Oh yes, there are also lots and lots of allusions and metaphors. Death in Venice is a protracted exercise in literary allusions, as are Sieglinde and Siegmund in The Blood of the Walsungs.

She kissed him on his closed eyelids; he kissed her on her throat, beneath the lace she wore. They kissed each other's hands. They loved each other with all the sweetness of the senses, each for the other's spoilt and costly well-being and delicious fragrance. They breathed it in, this fragrance, with languid and voluptuous abandon, like self-centred invalids, consoling themselves for the loss of hope. They forgot themselves in caresses, which took the upper hand, passing over the tumult of passion, dying away into sobbing...


Aww, that's so sweet and kind of steamy.

Oh, by the way, they're brother and sister.

So, from the incestuous Sieglinde and Siegmund to the tormented, angsty, artist Tonio Kröger to the doomed writer Gustav von Aschenbach in Death in Venice, there are an awful lot of whiners and people who are either having inappropriate sex or wallowing in misery thinking about people they want to have inappropriate sex with. This is stroke fiction for tormented German intellectuals.

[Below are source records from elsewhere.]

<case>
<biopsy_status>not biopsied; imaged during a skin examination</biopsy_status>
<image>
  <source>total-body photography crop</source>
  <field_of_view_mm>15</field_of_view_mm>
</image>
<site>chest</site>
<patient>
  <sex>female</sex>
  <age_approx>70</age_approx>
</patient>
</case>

I really, really wanted to like this collection 'cause like I said, Thomas Mann is supposed to be epically great and I can't even...

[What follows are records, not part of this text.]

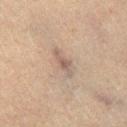No biopsy was performed on this lesion — it was imaged during a full skin examination and was not determined to be concerning. Captured under cross-polarized illumination. A 15 mm close-up tile from a total-body photography series done for melanoma screening. A male subject, aged 63–67. Automated tile analysis of the lesion measured a border-irregularity index near 4/10, a within-lesion color-variation index near 1.5/10, and radial color variation of about 0.5. On the leg. Longest diameter approximately 3.5 mm.
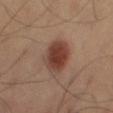Part of a total-body skin-imaging series; this lesion was reviewed on a skin check and was not flagged for biopsy.
The lesion is on the right thigh.
A male subject roughly 60 years of age.
A close-up tile cropped from a whole-body skin photograph, about 15 mm across.
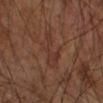Part of a total-body skin-imaging series; this lesion was reviewed on a skin check and was not flagged for biopsy.
The lesion is on the arm.
Cropped from a total-body skin-imaging series; the visible field is about 15 mm.
A male subject, aged around 65.
Longest diameter approximately 4.5 mm.

This collection included the following stories, of which only a couple left an impression on me and the rest kind of passed over me as I sank into a glazed stupor:


The Will for Happiness
Tristan
Little Herr Friedemann
Tobias Mindernickel
Little Lizzy
Gladius Dei
The Starvelings: A Study
The Wunderkind
Harsh Hours
Tonio Kröger
The Blood of the Walsungs
Death in Venice


Okay, go ahead and tell me I'm an uncultured peasant. But I'm starting to think I just don't like German literature. I still need to give Hermann Hesse one more shot, and maybe, maybe, I will try one of Thomas Mann's novels. But not any time soon. I am giving this 2 stars, which I'm sure is a crime against the Aesir, but even though I normally rate books based on a combination of how well I enjoyed them and how well-written I think they are, and Mann is a great writer, I can see that, 3 stars would mean that I didn't find the experience completely unenjoyable, and frankly, I was dying to be done with this.